* **WHAT YOU NEED TO DO**:
Can you find the lines of the listing that include "camera" and copy every one?

[[ DATASET ENTRIES, beginning ]]

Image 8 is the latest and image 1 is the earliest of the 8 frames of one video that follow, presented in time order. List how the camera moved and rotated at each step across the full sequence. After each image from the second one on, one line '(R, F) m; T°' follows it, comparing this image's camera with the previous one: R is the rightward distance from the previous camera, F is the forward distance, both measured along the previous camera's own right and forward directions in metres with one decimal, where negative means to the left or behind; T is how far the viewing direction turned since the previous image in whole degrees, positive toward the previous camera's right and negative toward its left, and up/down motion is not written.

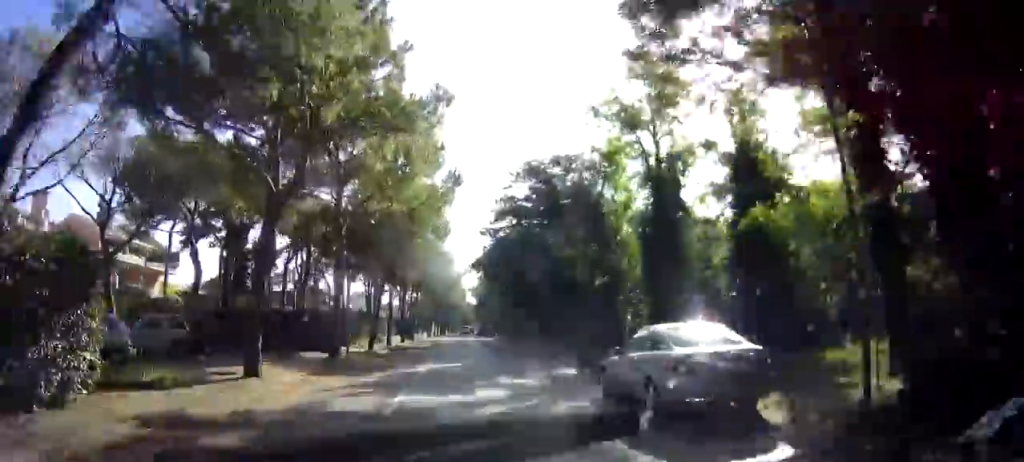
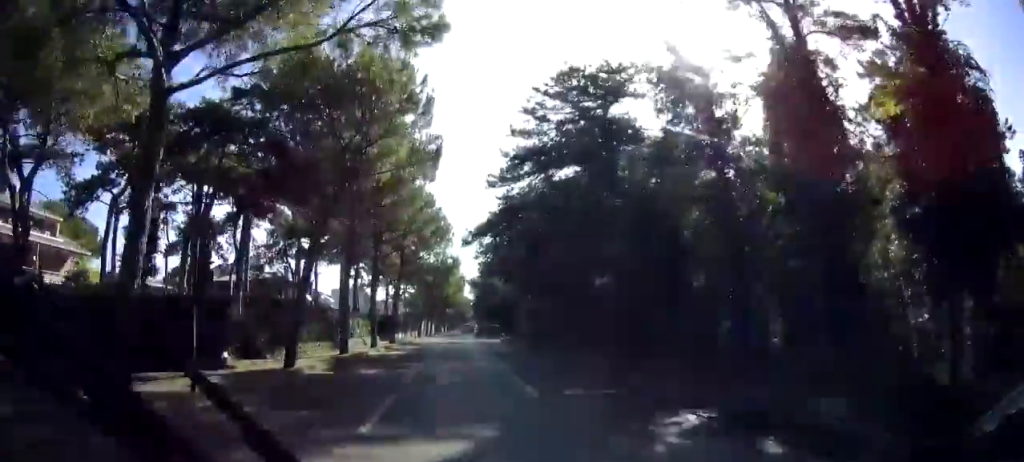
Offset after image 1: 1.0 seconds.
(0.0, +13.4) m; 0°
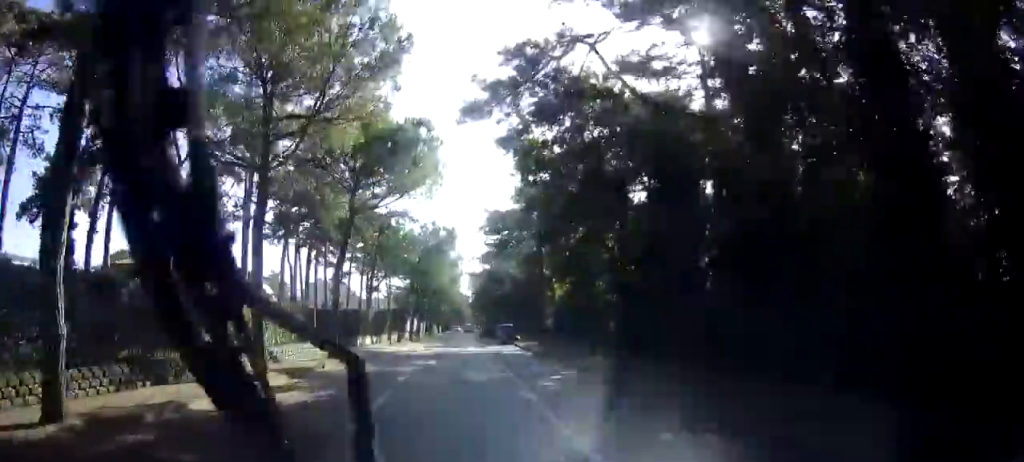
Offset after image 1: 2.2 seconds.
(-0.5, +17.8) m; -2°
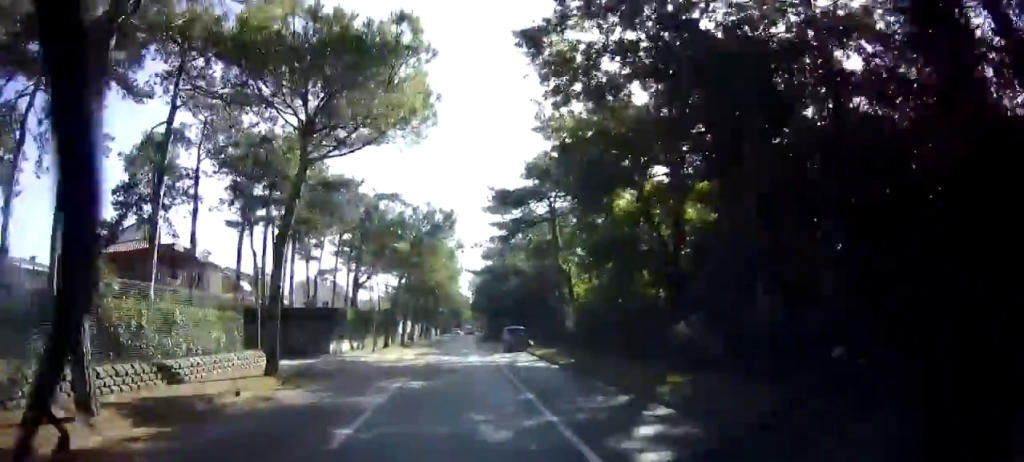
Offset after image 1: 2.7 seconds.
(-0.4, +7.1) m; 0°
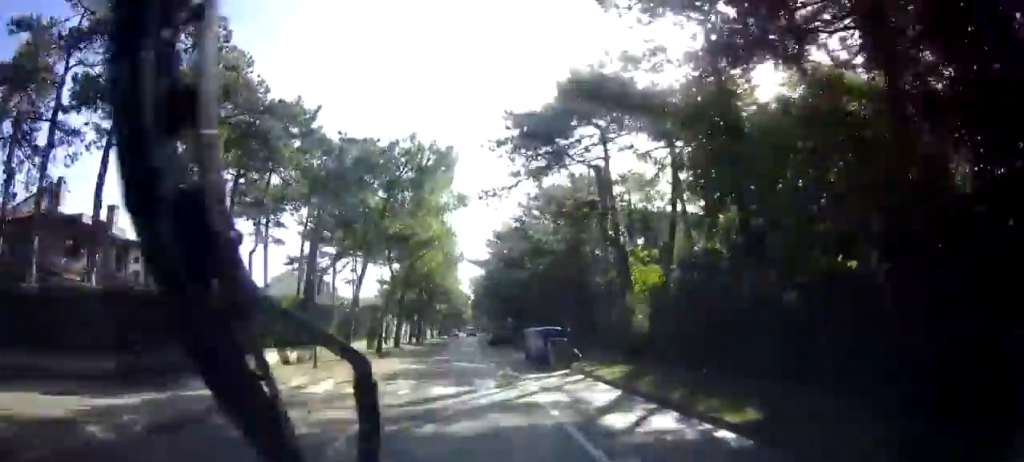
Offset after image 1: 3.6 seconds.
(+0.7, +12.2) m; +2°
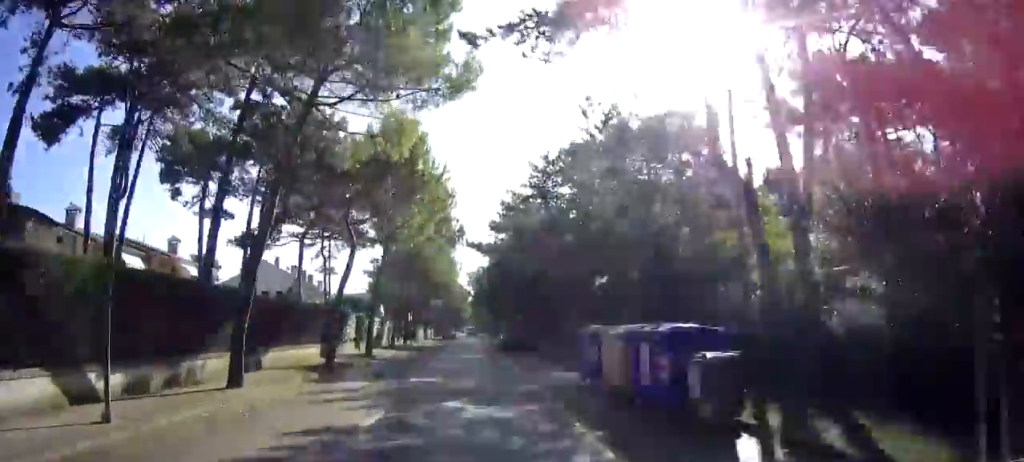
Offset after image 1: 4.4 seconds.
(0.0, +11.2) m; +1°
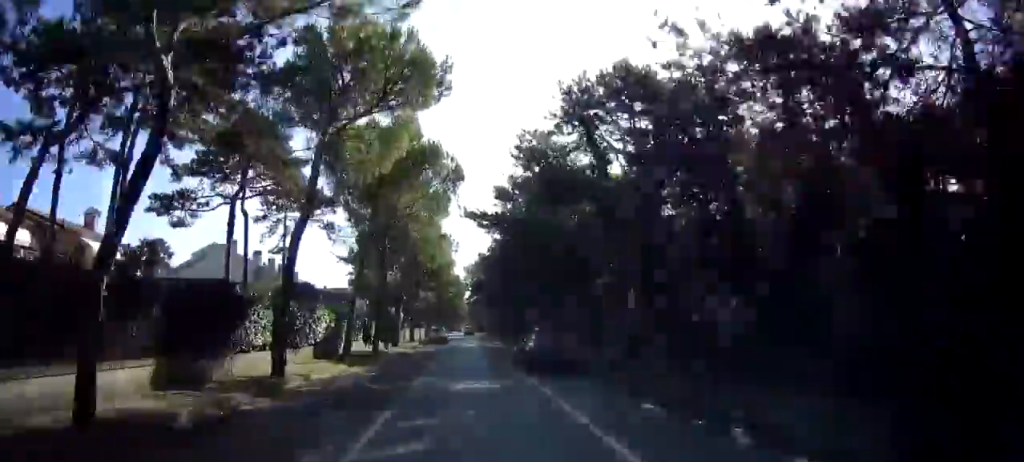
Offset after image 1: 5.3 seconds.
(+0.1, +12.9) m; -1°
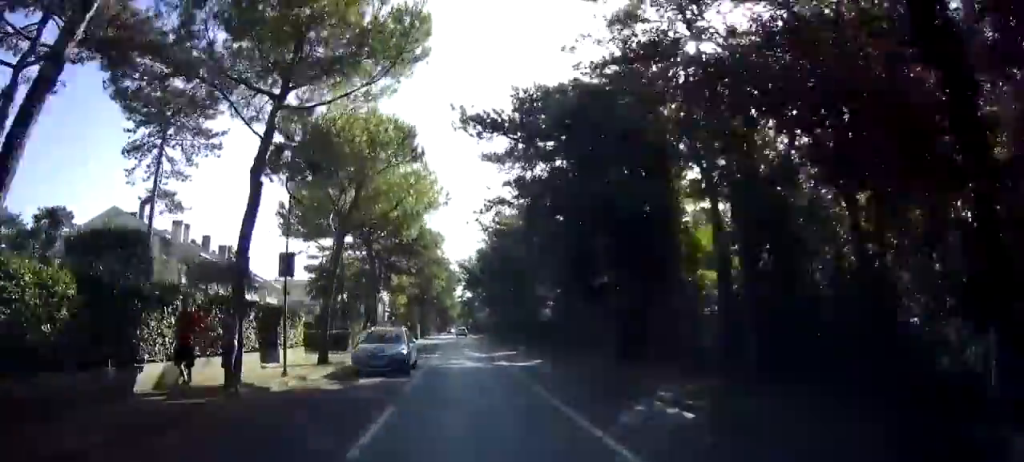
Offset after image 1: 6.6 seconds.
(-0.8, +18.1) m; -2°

[[ DATASET ENTRIES, end ]]
[[ DATASET ENTRIES, beginning ]]

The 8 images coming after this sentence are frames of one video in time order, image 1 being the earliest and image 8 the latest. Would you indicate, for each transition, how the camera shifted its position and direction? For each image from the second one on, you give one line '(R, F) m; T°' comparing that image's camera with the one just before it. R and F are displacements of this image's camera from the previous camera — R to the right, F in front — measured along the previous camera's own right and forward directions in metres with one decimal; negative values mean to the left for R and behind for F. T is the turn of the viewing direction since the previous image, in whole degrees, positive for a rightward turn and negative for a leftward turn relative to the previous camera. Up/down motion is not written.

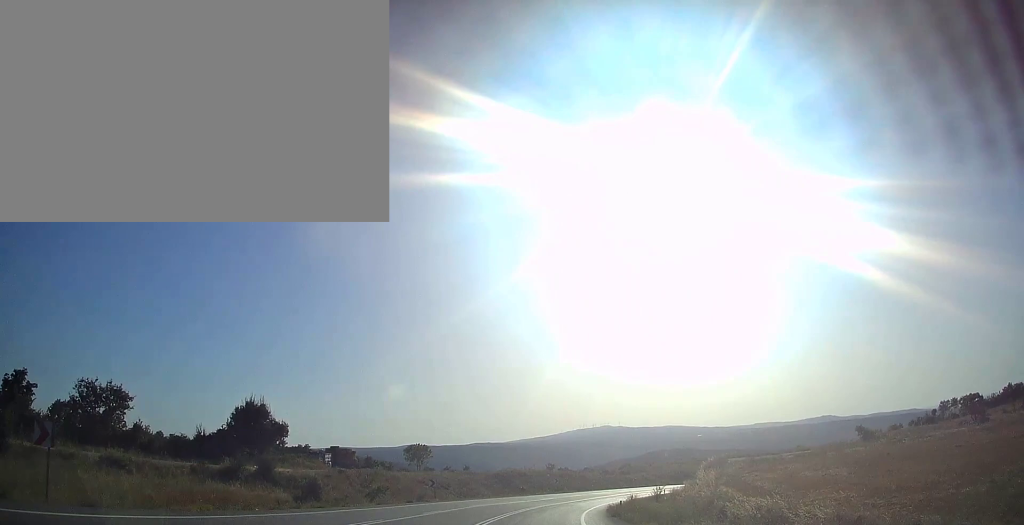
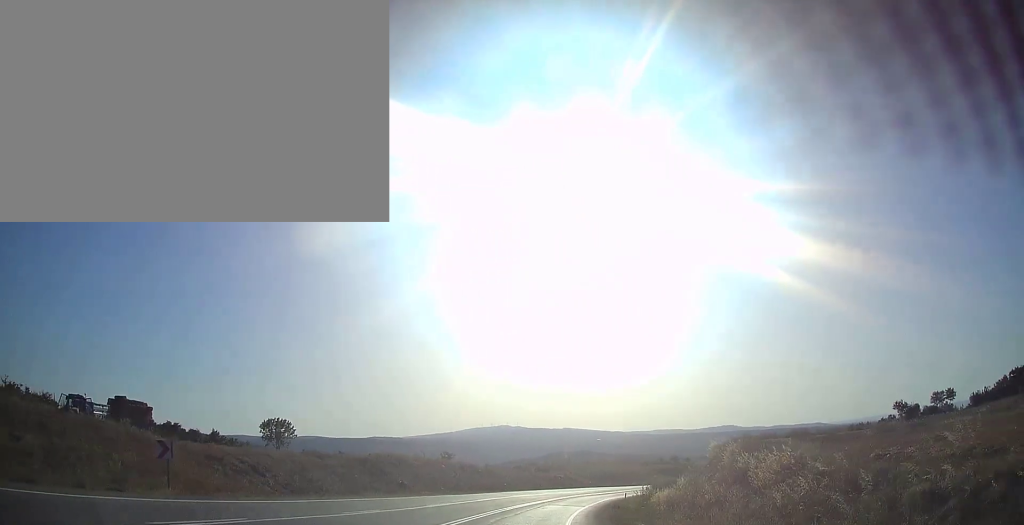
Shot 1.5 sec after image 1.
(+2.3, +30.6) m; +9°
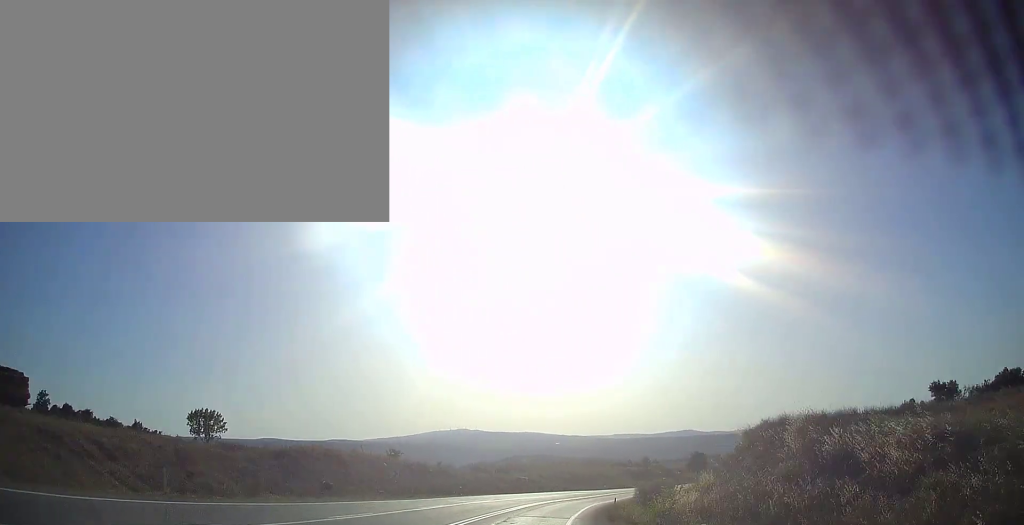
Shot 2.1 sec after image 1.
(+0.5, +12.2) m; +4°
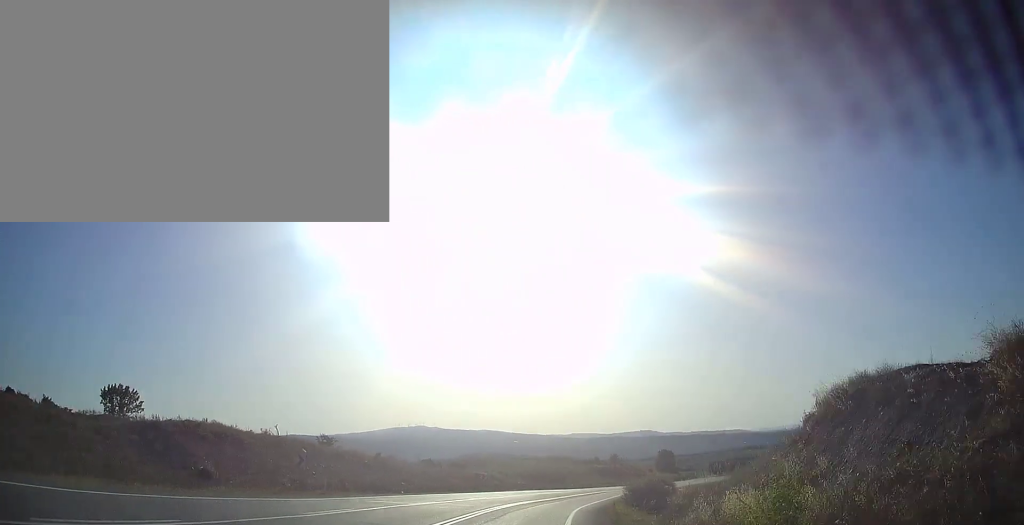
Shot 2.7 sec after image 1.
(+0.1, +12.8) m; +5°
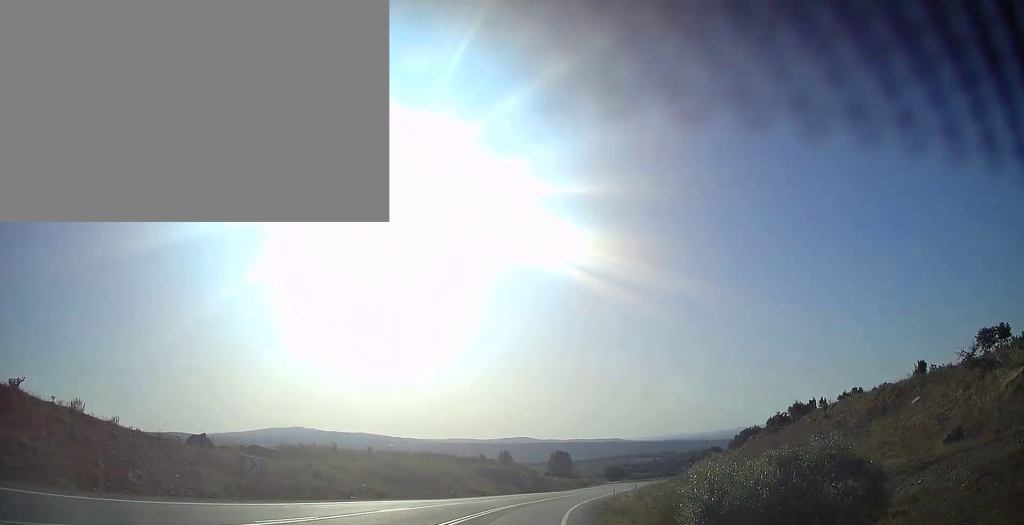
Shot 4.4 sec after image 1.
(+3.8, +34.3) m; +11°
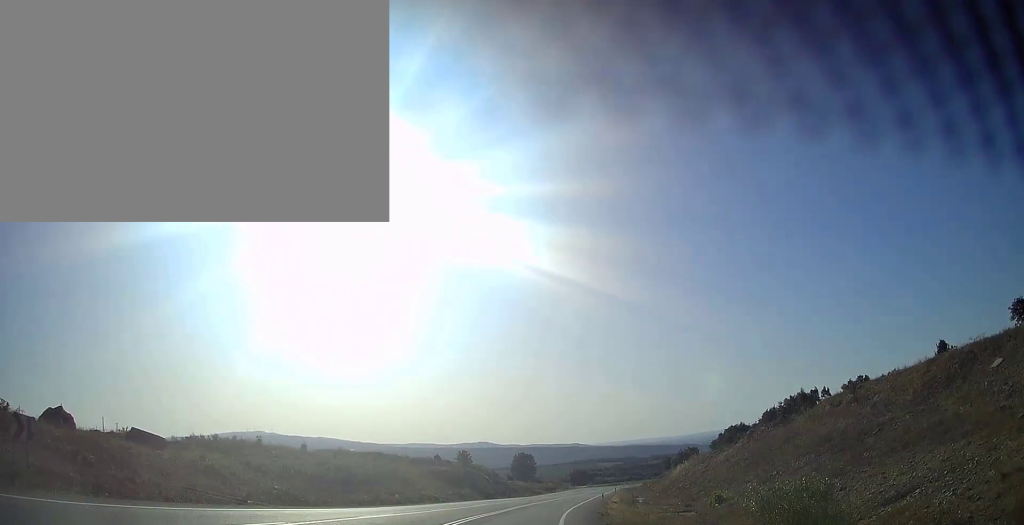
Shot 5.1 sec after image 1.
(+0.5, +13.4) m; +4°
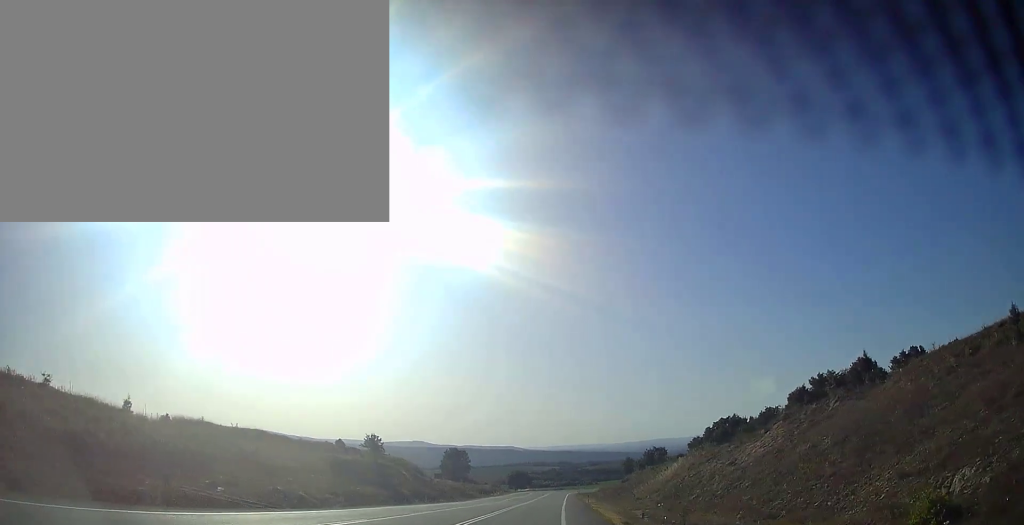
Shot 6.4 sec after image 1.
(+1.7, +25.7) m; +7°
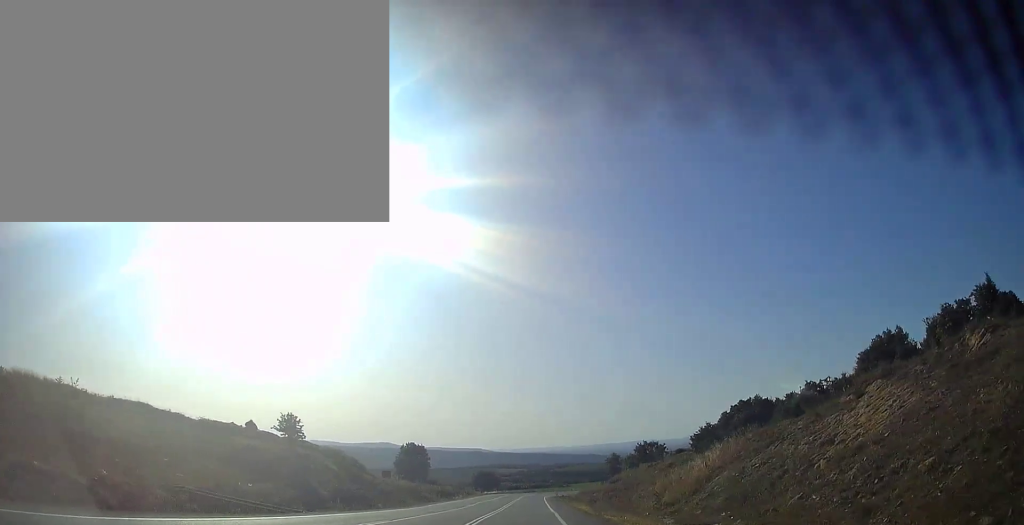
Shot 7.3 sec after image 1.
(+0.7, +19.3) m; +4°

[[ DATASET ENTRIES, end ]]

* **YOUR RESPONSE**:
Image 8 is the latest and image 1 is the earliest of the 8 frames of one video that follow, presented in time order. List how the camera moved and rotated at each step across the full sequence. After each image from the second one on, one line '(R, F) m; T°' follows it, comparing this image's camera with the previous one: R is the rightward distance from the previous camera, F is the forward distance, both measured along the previous camera's own right and forward directions in metres with one decimal, where negative means to the left or behind; T is how far the viewing direction turned since the previous image in whole degrees, positive toward the previous camera's right and negative toward its left, and up/down motion is not written.
The 8 images coming after this sentence are frames of one video in time order, image 1 being the earliest and image 8 the latest. Would you indicate, for each transition, how the camera shifted its position and direction? For each image from the second one on, you give one line '(R, F) m; T°' comparing that image's camera with the one just before it. R and F are displacements of this image's camera from the previous camera — R to the right, F in front — measured along the previous camera's own right and forward directions in metres with one decimal; negative values mean to the left for R and behind for F. T is the turn of the viewing direction since the previous image, in whole degrees, positive for a rightward turn and negative for a leftward turn relative to the previous camera. Up/down motion is not written.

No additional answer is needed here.